Already this giant of a man was crossing to the tall
corner cupboard and reaching up to the top of it where he kept his canes.
"Boys
who break rules have to be punished."
"Sir...I...I
had a bust nib...I..."
"That
is no excuse. I am going to teach you
that it does not pay to talk during prep."
He took
down a cane that was about three feet long with a little curved handle at one
end. It was thin and white and very
whippy. "Bend over and touch your
toes. Over there by the window."
"But,
sir..."
"Don't
argue with me, boy. Do as you're
told."
I bent
over. Then I waited. He always kept you waiting for about ten
seconds, and that was when your knees began to shake.
"Bend
lower, boy! Touch your toes!"
I stared at
the toecaps of my black shoes and I told myself that any moment now this man
was going to bash the cane into me so hard that the whole of my bottom would
change color. The welts were always very
long, stretching right across both buttocks, blue-black with brilliant scarlet
edges, and when you ran your fingers over them ever so gently afterward, you
could feel the corrugations.
Swish!...Crack!
Then came
the pain. It was unbelievable,
unbearable, excruciating. It was as
though someone had laid a white-hot poker across your backside and pressed
hard.
The second
stroke would be coming soon and it was as much as you could do to stop putting
your hands in the way to ward it off. It
was the instinctive reaction. But if you
did that, it would break your fingers.
Swish!...Crack!
The second one landed right alongside the first and the
white-hot poker was pressing deeper and deeper into the skin.
Swish!...Crack!
The third
stroke was where the pain always reached its peak. It could go no further. There was no way it could get worse. Any more strokes after that simply prolonged
the agony. You tried not to cry
out. Sometimes you couldn't help
it. But whether you were able to remain
silent or not, it was impossible to stop the tears. They poured down your cheeks in streams and
dripped onto the carpet.
The
important thing was never to flinch upward or straighten up when you were
hit. If you did that, you got an extra
one.
Slowly,
deliberately, taking plenty of time, the headmaster delivered three more
strokes, making six in all.
"You
may go." The voice came from a
cavern miles away, and you straightened up slowly, agonizingly, and grabbed
hold of your burning buttocks with both hands and held them as tight as you
could and hopped out of the room on the very tips of your toes.
That cruel
cane ruled our lives. We were caned for
talking in the dormitory after lights out, for talking in class, for bad work,
for carving our initials on the desk, for climbing over walls, for slovenly
appearance, for flicking paper clips, for forgetting to change into house-shoes
in the evenings, for not hanging up our games clothes, and above all for giving
the slightest offense to any master.
(They weren't called teachers in those days.) In other words, we were caned for doing
everything that it was natural for small boys to do.
So we
watched our words. And we watched our
steps. My goodness, how we watched our
steps. We became incredibly alert. Wherever we went, we walked carefully, with
ears pricked for danger, like wild animals stepping softly through the woods.

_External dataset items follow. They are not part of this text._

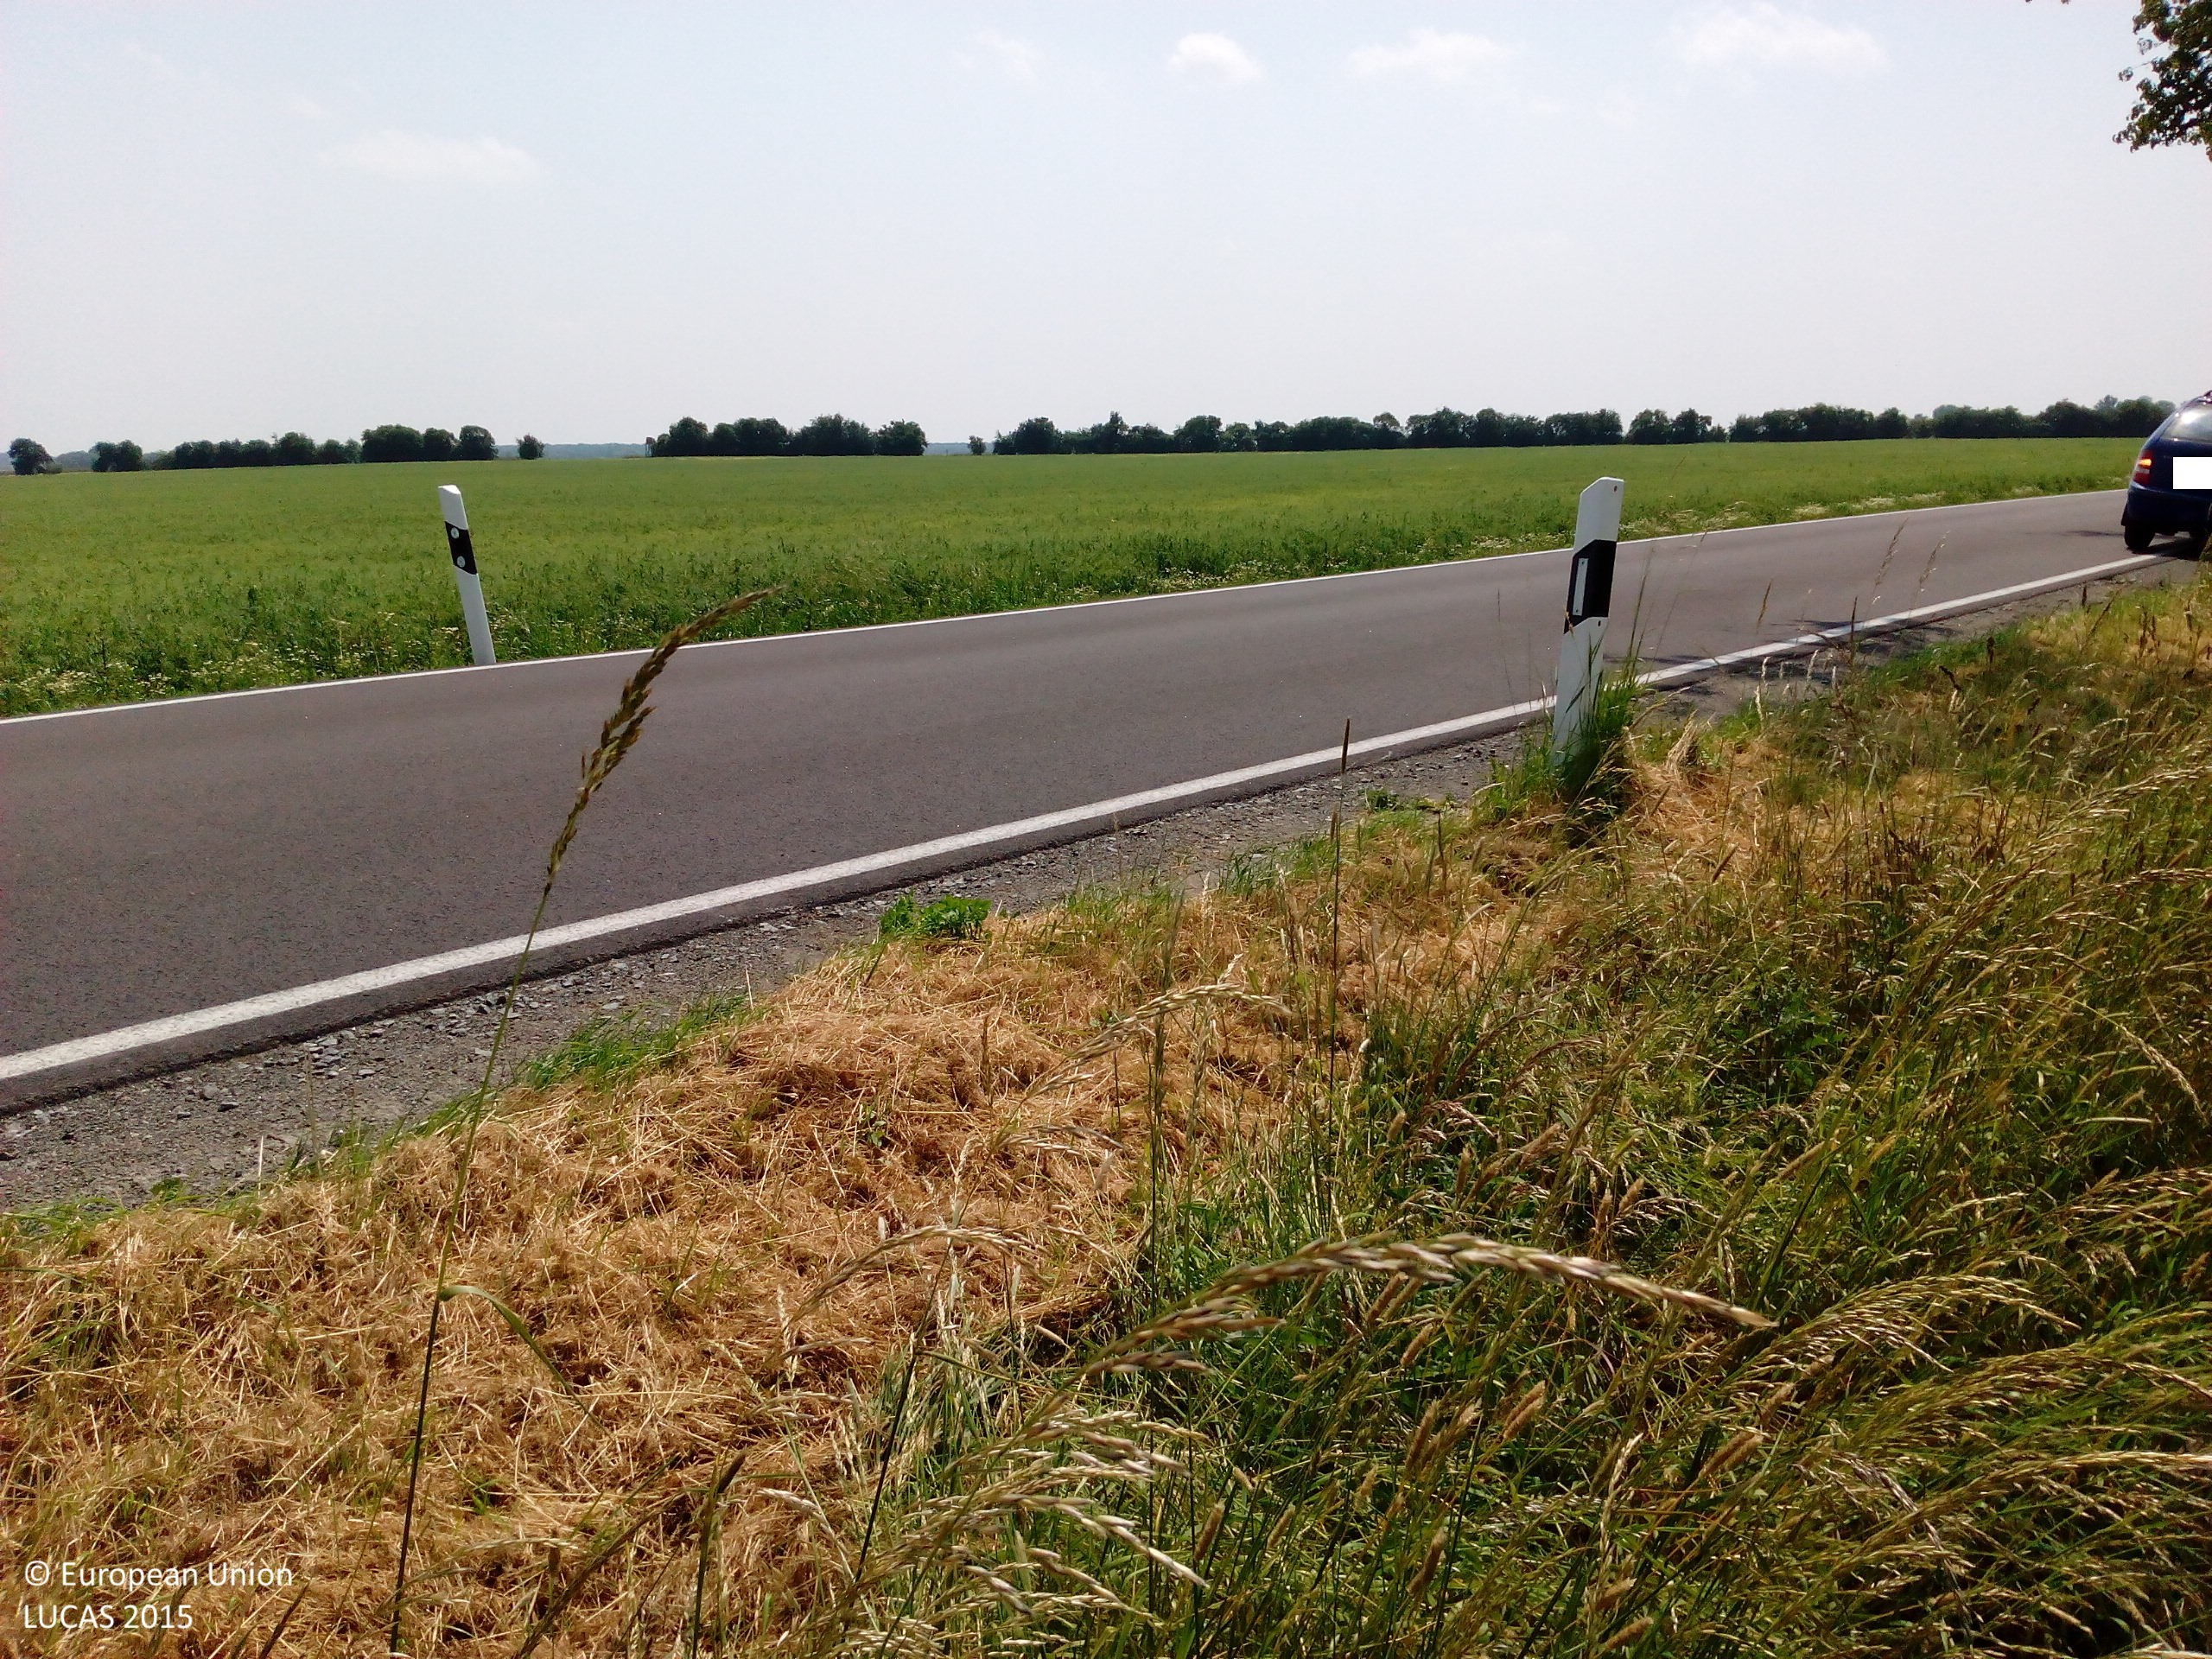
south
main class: Cropland
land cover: Common wheat
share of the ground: > 75 %
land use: Agriculture (excluding fallow land and kitchen gardens)
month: June
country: DE
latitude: 51.4342
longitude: 12.4883

I have to be honest; this account almost makes me wish I'd had this experience as a child, although, as now, it would be more powerful and intimate for me were the disciplinarian to be a woman.
I can finally put the book away now.
*Note: I've now tried 5 times to remove the spaces between paragraphs during the second part of the story, but blogspot just won't do it. It sucks when computers actually are stupid!